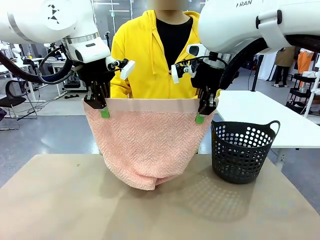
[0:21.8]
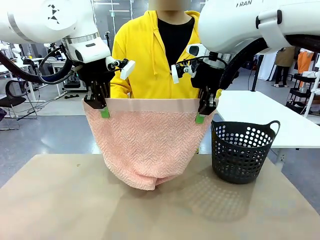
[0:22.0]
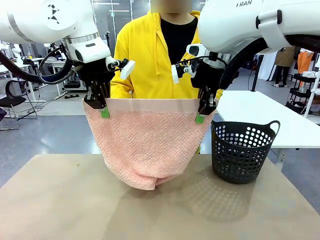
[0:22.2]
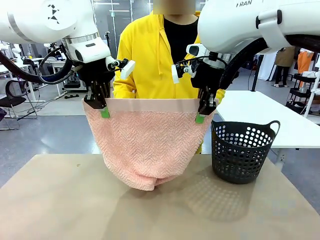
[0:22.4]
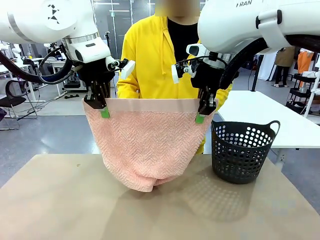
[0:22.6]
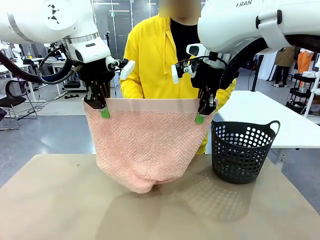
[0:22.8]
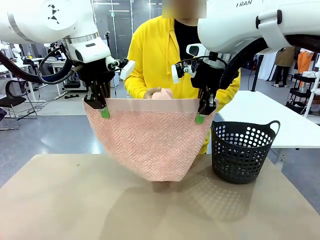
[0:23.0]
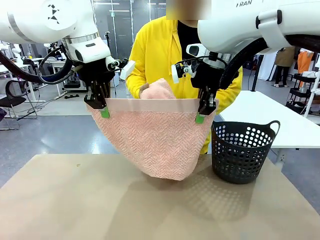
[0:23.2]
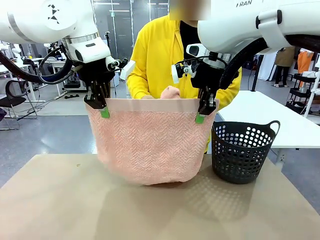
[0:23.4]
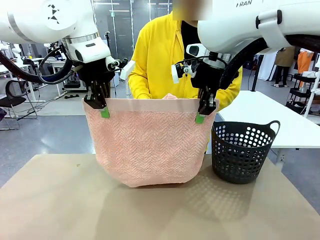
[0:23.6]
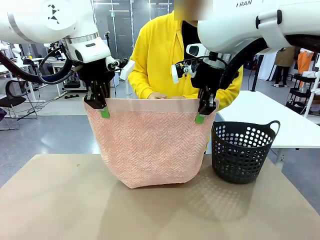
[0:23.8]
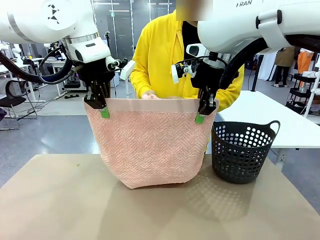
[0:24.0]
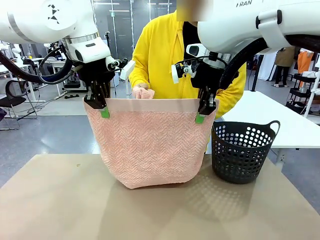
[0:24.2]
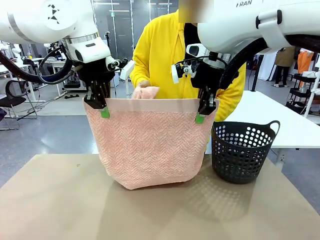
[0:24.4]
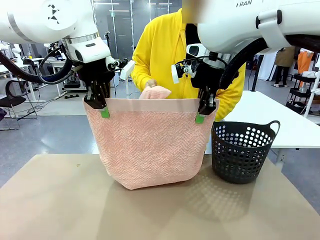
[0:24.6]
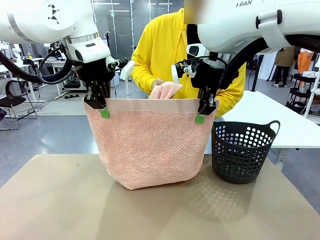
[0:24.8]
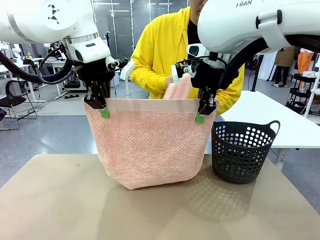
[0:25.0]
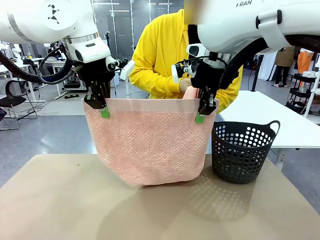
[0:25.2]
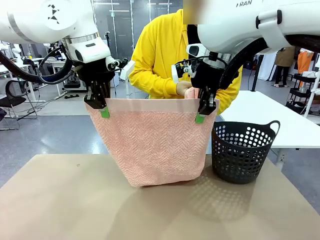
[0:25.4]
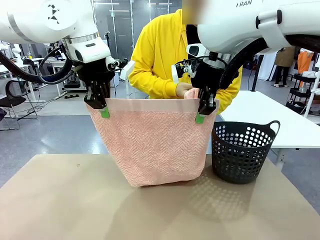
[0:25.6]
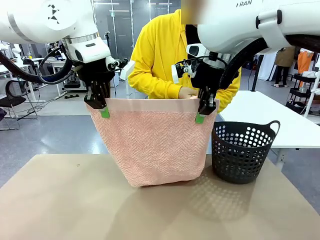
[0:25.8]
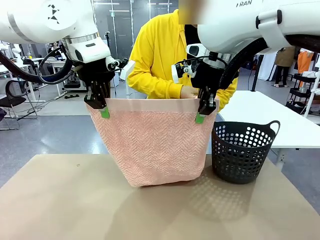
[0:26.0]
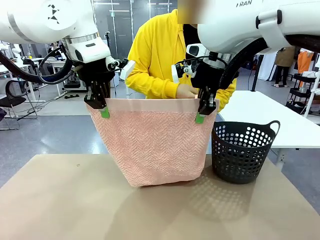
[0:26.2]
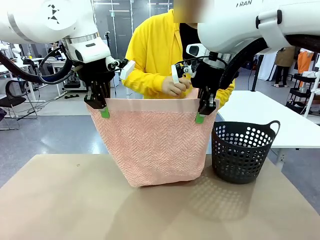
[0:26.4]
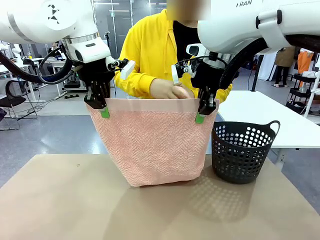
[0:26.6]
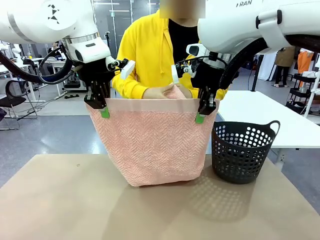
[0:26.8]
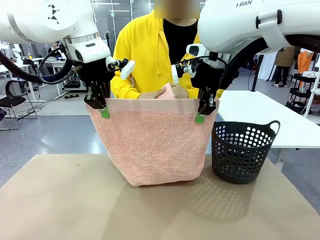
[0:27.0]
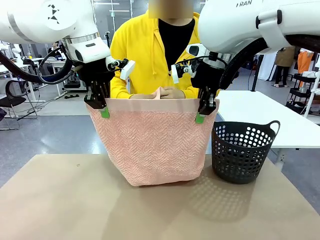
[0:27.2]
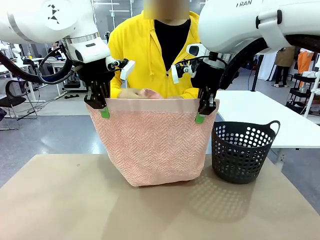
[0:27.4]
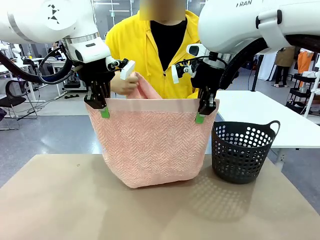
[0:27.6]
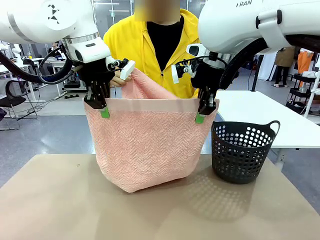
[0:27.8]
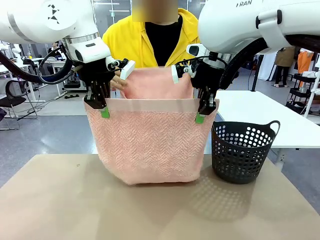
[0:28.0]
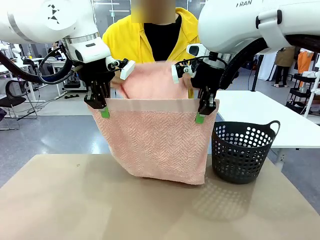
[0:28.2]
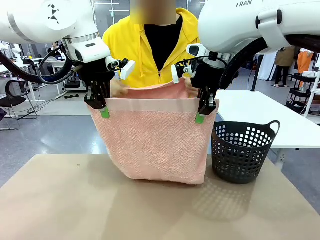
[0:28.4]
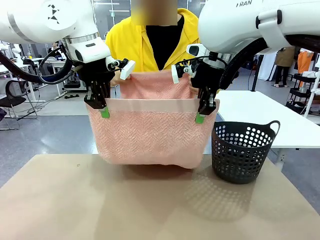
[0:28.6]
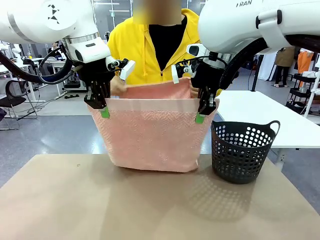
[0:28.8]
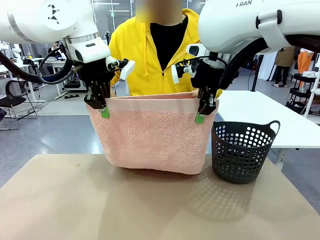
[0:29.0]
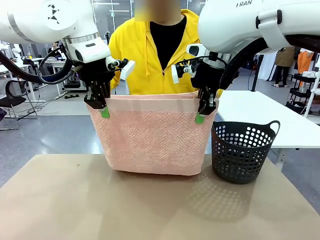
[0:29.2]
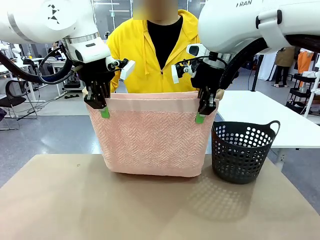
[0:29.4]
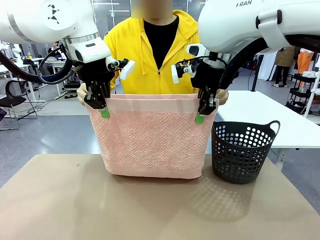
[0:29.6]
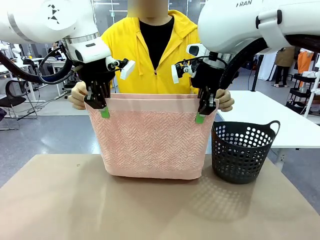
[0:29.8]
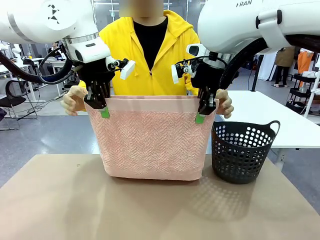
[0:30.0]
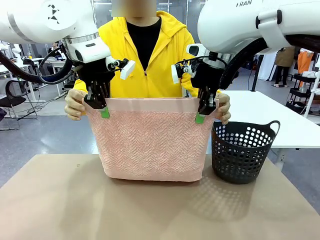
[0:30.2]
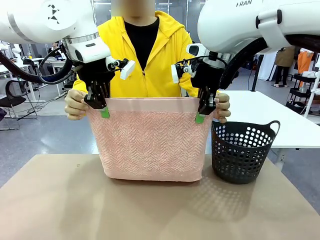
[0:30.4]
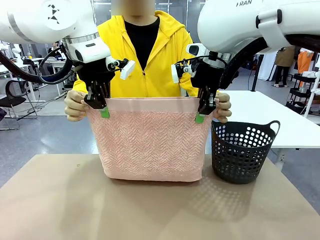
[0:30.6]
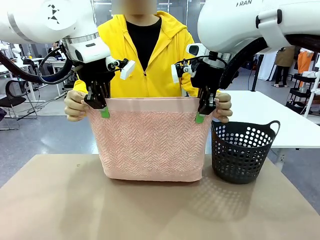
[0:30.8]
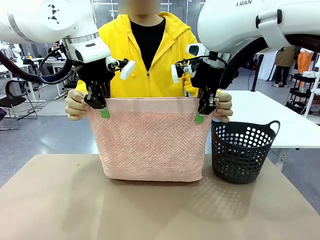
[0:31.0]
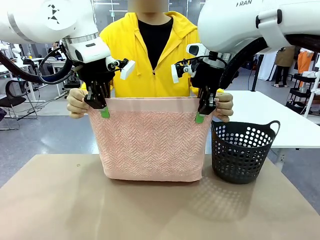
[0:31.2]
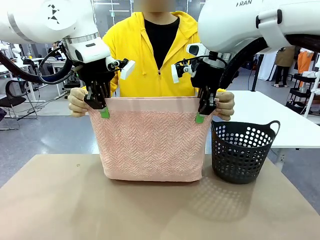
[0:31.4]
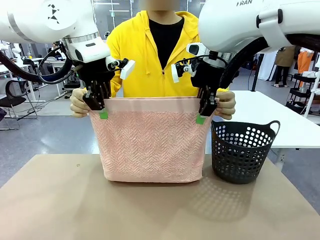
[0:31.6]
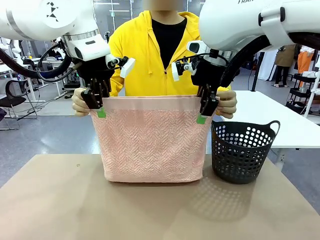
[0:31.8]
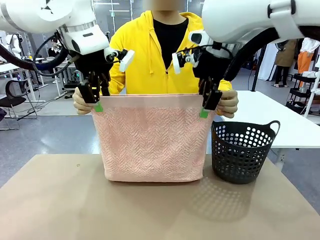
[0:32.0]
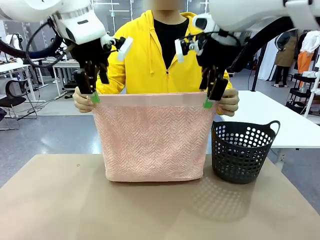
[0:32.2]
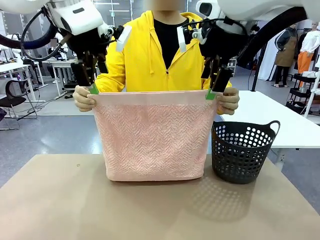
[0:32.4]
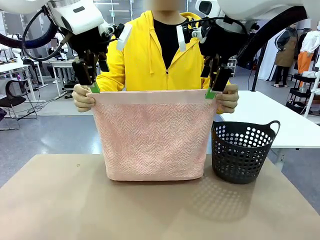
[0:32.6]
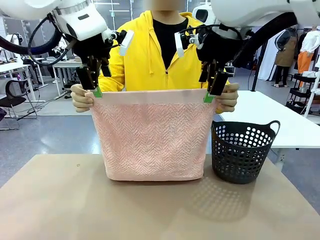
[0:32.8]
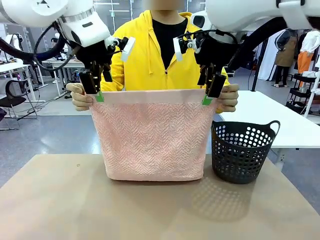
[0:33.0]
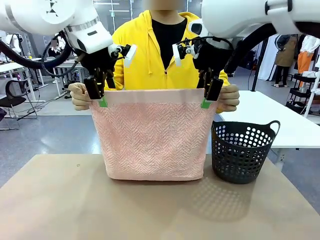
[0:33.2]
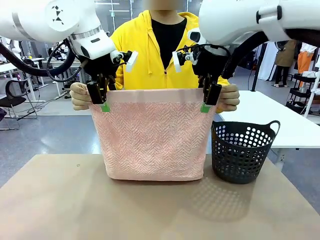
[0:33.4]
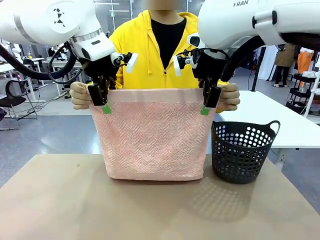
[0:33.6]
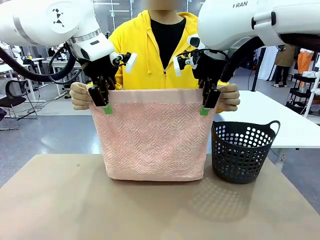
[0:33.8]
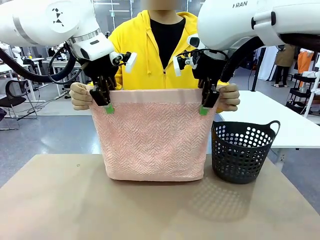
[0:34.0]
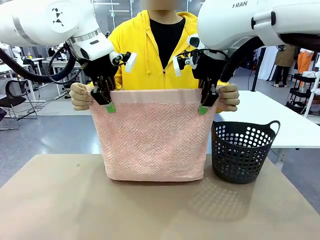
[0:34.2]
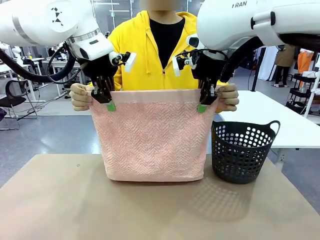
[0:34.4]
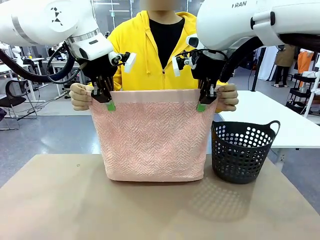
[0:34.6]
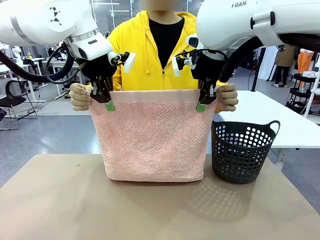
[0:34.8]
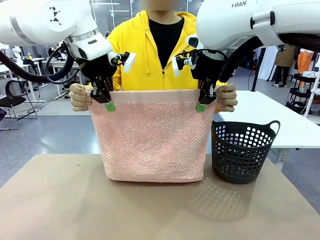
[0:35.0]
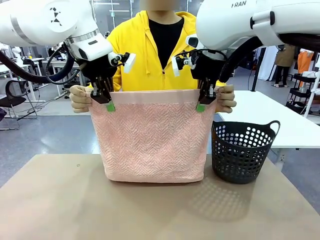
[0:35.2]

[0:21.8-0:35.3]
Task: Fold the towel.
Robot: Release the end of the 100 cm Hotel Towel you were holding and grab the top end of the folded side.
Person: Using the point held by the robot as a reference, grasp the opposite end, fold the towel in half, and then hold both ends of the folded towel.

################

→ WHAT THIS TASK INVOLVES: Reproduce each line of the records above, exactly and without pictures.

→ TASK OUTPUT:
[0:21.8]
[0:22.0]
[0:22.2]
[0:22.4]
[0:22.6]
[0:22.8]
[0:23.0]
[0:23.2]
[0:23.4]
[0:23.6]
[0:23.8]
[0:24.0]
[0:24.2]
[0:24.4]
[0:24.6]
[0:24.8]
[0:25.0]
[0:25.2]
[0:25.4]
[0:25.6]
[0:25.8]
[0:26.0]
[0:26.2]
[0:26.4]
[0:26.6]
[0:26.8]
[0:27.0]
[0:27.2]
[0:27.4]
[0:27.6]
[0:27.8]
[0:28.0]
[0:28.2]
[0:28.4]
[0:28.6]
[0:28.8]
[0:29.0]
[0:29.2]
[0:29.4]
[0:29.6]
[0:29.8]
[0:30.0]
[0:30.2]
[0:30.4]
[0:30.6]
[0:30.8]
[0:31.0]
[0:31.2]
[0:31.4]
[0:31.6]
[0:31.8]
[0:32.0]
[0:32.2]
[0:32.4]
[0:32.6]
[0:32.8]
[0:33.0]
[0:33.2]
[0:33.4]
[0:33.6]
[0:33.8]
[0:34.0]
[0:34.2]
[0:34.4]
[0:34.6]
[0:34.8]
[0:35.0]
[0:35.2]

[0:21.8-0:35.3]
Task: Fold the towel.
Robot: Release the end of the 100 cm Hotel Towel you were holding and grab the top end of the folded side.
Person: Using the point held by the robot as a reference, grasp the opposite end, fold the towel in half, and then hold both ends of the folded towel.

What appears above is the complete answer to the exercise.